SurfStitch Administration Update

SurfStitch Administration Update

The creditors report pursuant to section 439A of the Corporations Act 2001 has been released by the Administrators, providing an overview of the position of SurfStitch and their recommendation to enter in a Deed of Company Arrangement (EziBuy DOCA) with Ezibuy Holdings Limited (Ezibuy).

Under the terms of the EziBuy DOCA, Ezibuy will acquire SurfStitch Australia Pty Limited (SurfStitch Australia) and some related intellectual property in exchange for a convertible note in Ezibuy, convertible for up to 8% of the equity of the combined entity in 3 years’ time.

In respect to the proposal we make the following comments:

  • The offer put forward by Ezibuy was in part negotiated by our advisers, when it became apparent there was no reasonable offer to restructure the business from the sales process instigated by the Administrators.
  • The financial performance of SurfStitch Australia has deteriorated significantly, with falling working capital, worsening credit terms and management security.  The business is no longer sustainable in its own right. In the event of liquidation NO value would be returned to shareholders and limited returns to the class action participants.
  • We did make attempts to negotiate better terms and more certainty from the Cheadle proposal but were unable to reach a satisfactory position.
  • Ezibuy and their management team, along with their sponsors Alceon have a proven track record in turning around struggling retail businesses including NoniB Limited and Ezibuy itself.
  • The merger will be transformational for both companies: Ezibuy will get access to SurfStitch platform technology, and SurfStitch will get access to Ezibuy greater buying power, lower transport cost structures, greater working capital and experienced retail management.
  • The resultant merger if approved however, will mean that the SurfStitch Group is likely to be delisted from the ASX.  The value of SurfStitch shares on a stand-alone basis are nil. Any future value will only result from a sale of the listed shell or the value of the convertible note.
  • We recommend the Ezibuy DOCA proceed, because it represents a greater return than the liquidation option, and provides shareholders with a return.
  • The proposal does not include legal actions against the former directors which we have already commenced and are outside the Ezibuy DOCA.

What you need to do

The Administrators have advised that they will call for proof of debts and proxies from claimants through Link Insolvency Solutions and that these must be lodged by no later than 2.00 pm on 29 March 2018. 

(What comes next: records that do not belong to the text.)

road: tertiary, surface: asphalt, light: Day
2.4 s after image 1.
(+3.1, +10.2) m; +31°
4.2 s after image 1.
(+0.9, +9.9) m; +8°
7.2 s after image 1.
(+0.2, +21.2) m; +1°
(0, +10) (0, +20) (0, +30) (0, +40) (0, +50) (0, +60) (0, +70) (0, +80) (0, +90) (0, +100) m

  1. If you have already completed a proof of debt and proxy and submitted it to us, you do not have to complete another form and we will lodge the proofs for you.
  2. If you have not lodged your proof of debt and proxy, then we request you complete the forms on the “LINK” portal before 27 March 2018. You will be asked to attach additional information, your buy and sell confirmations if you have them will be sufficient.
  3. Where it asks you to nominate a proxy (a representative at the meeting) put the name “Glenn McGowan QC” or in his absence “Damien Hodgkinson”. Glenn will hold your vote at the meeting.
  4. Lodge the proof of debt and proxy on the portal and print a copy for your records, and email a copy to us so we can check off our records.

Valuing your claim

As per our previous emails, if you have an estimate of your loss, please include this amount, or use the default estimate for investors with bundles less than $50,000 of an estimated loss of $10,000. The estimate in your proof of debt is just for voting purposes at the meeting and it is not a complete estimate of your actual loss, and would be adjusted before any distribution is completed.

It is likely that the Administrators will only admit the proof of debt for a nominal amount for voting purposes (because our class action claim is unproven at present).

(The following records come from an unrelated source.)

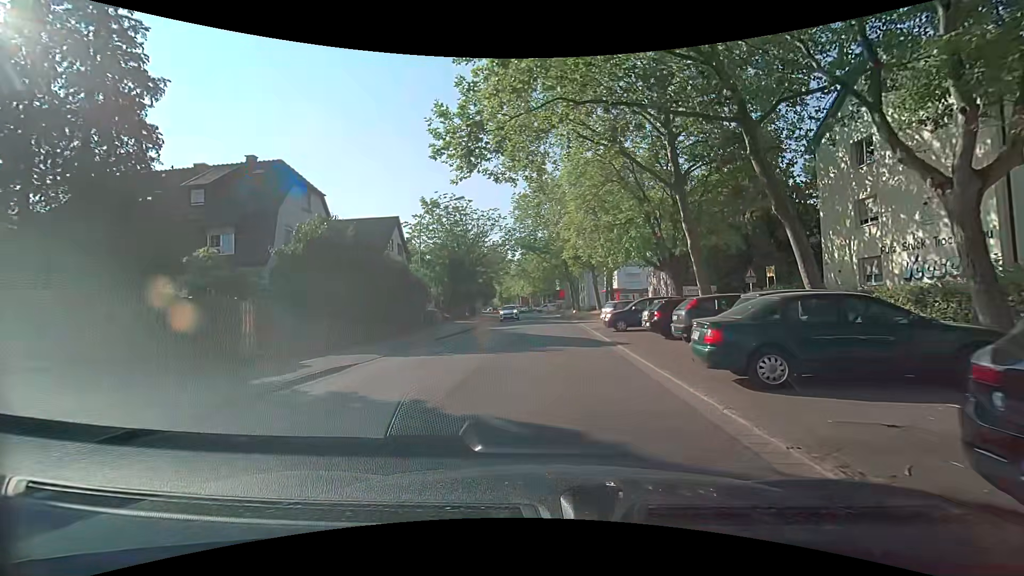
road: secondary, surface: asphalt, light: Day
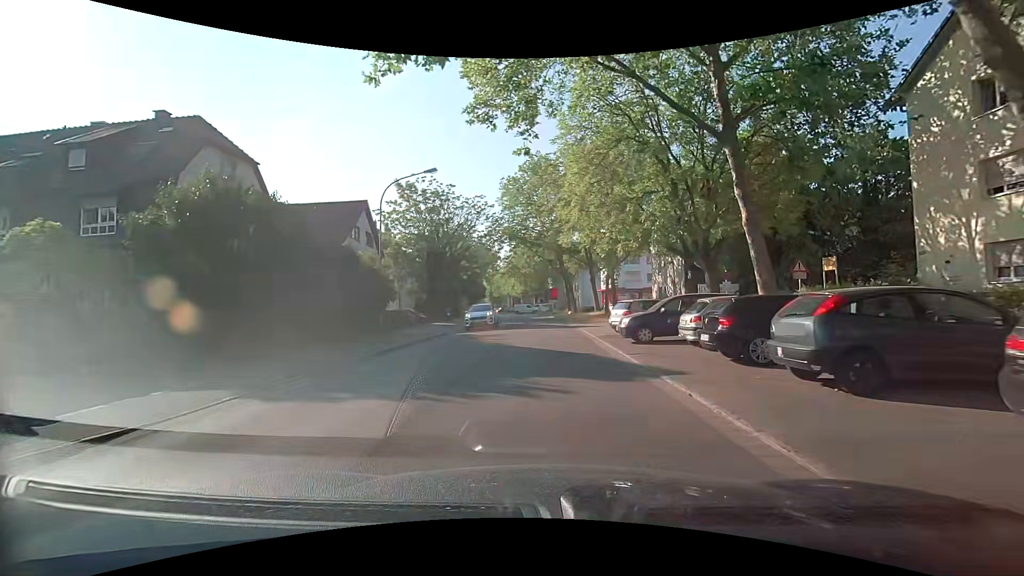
(+0.1, +7.2) m; 0°
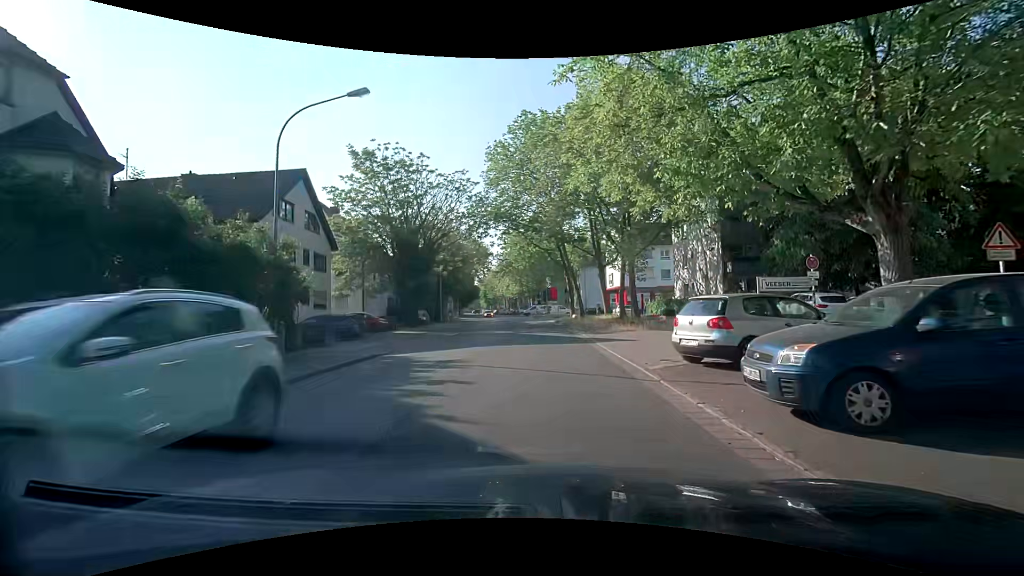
(+0.4, +11.2) m; +3°
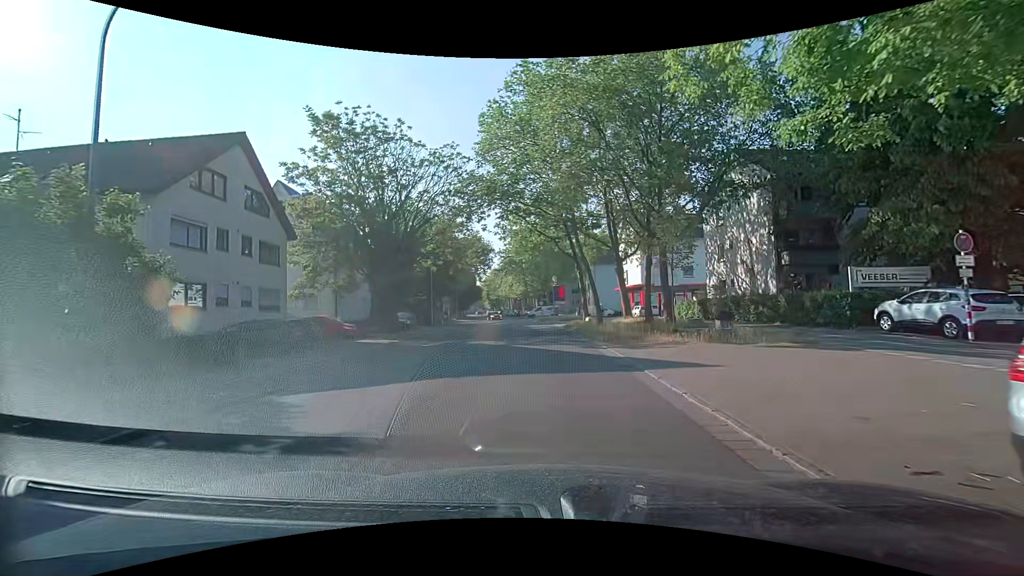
(-0.1, +7.7) m; -2°
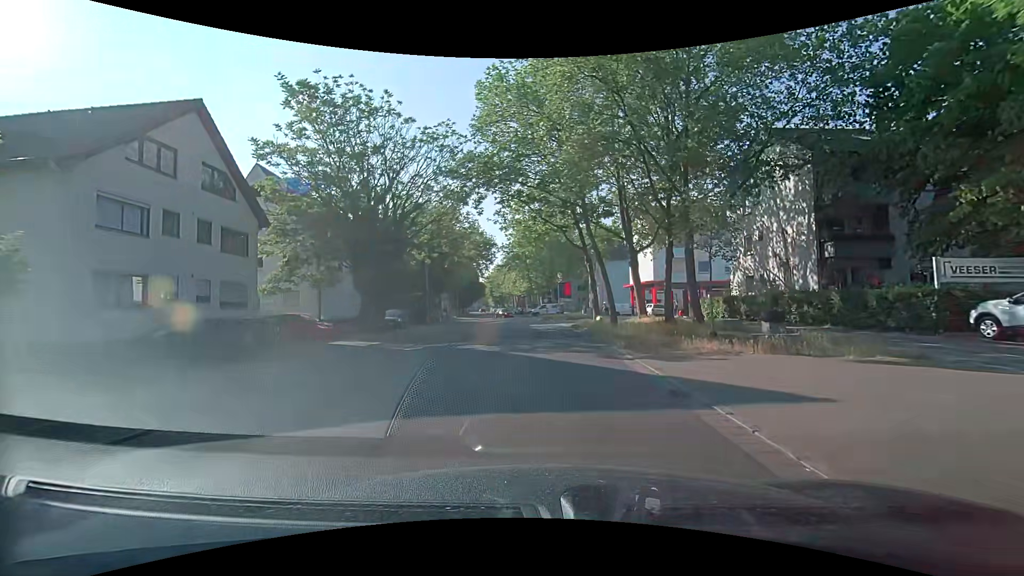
(+0.1, +3.9) m; 0°
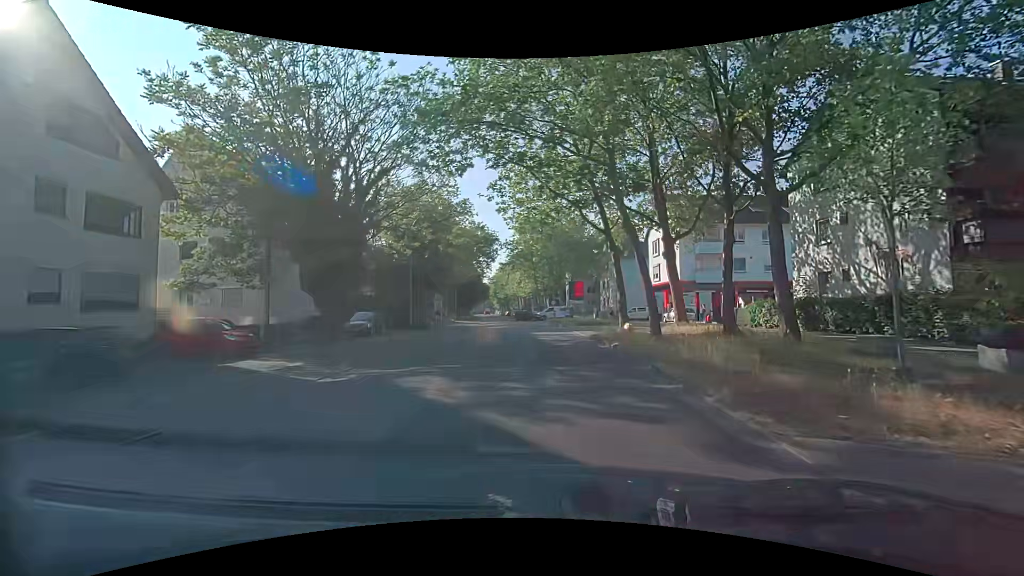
(0.0, +7.9) m; -1°
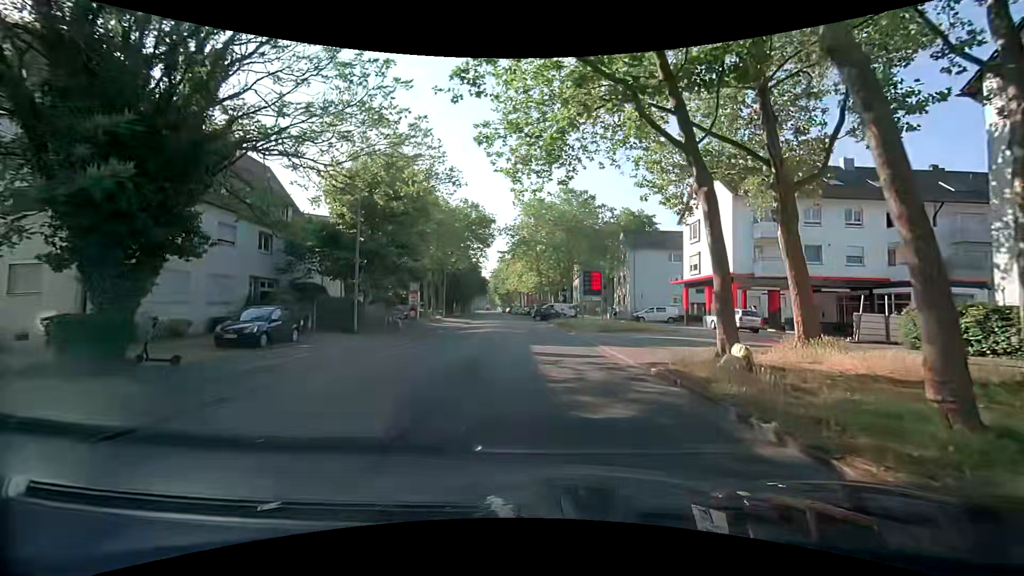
(-0.2, +12.1) m; -1°
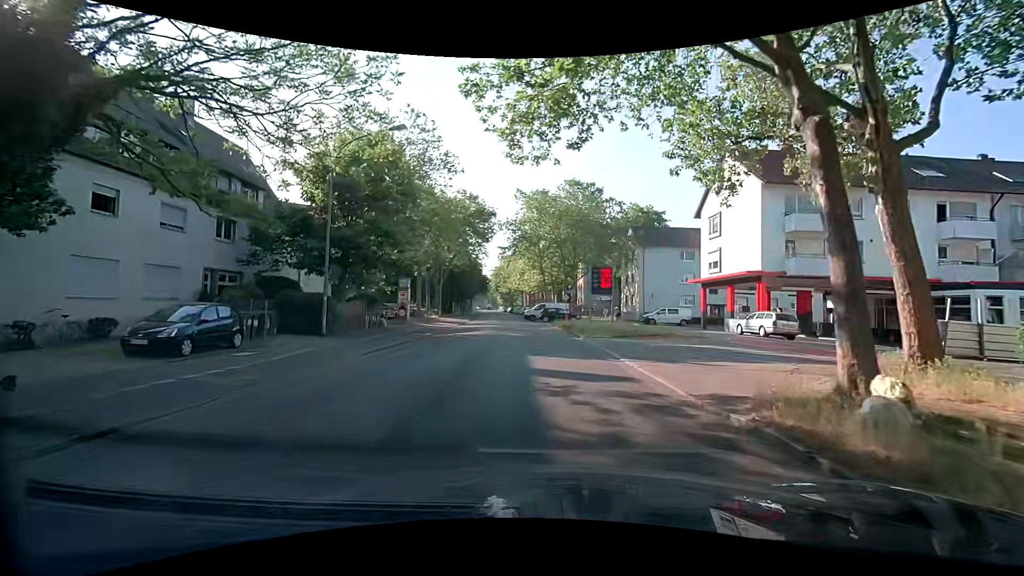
(0.0, +4.1) m; 0°

Participating for a Dividend

In order to participate in the convertible note distribution, shareholders must be a member of a class action. If you are not currently registered, please register on our website.

The date of the Meeting

The date of the second creditors’ meeting has now been set for Wednesday 4 April 2018.  We will report on the outcome of the meeting and approval in due course.

Glenn McGowan QC

Partner & Chief Counsel

Rebecca Di Rago

Lawyer


This update does not constitute legal advice and should not be relied upon as such. It is intended only to provide a summary and general overview on matters of interest and it is not intended to be comprehensive. You should seek legal or other professional advice before acting or relying on any of the content.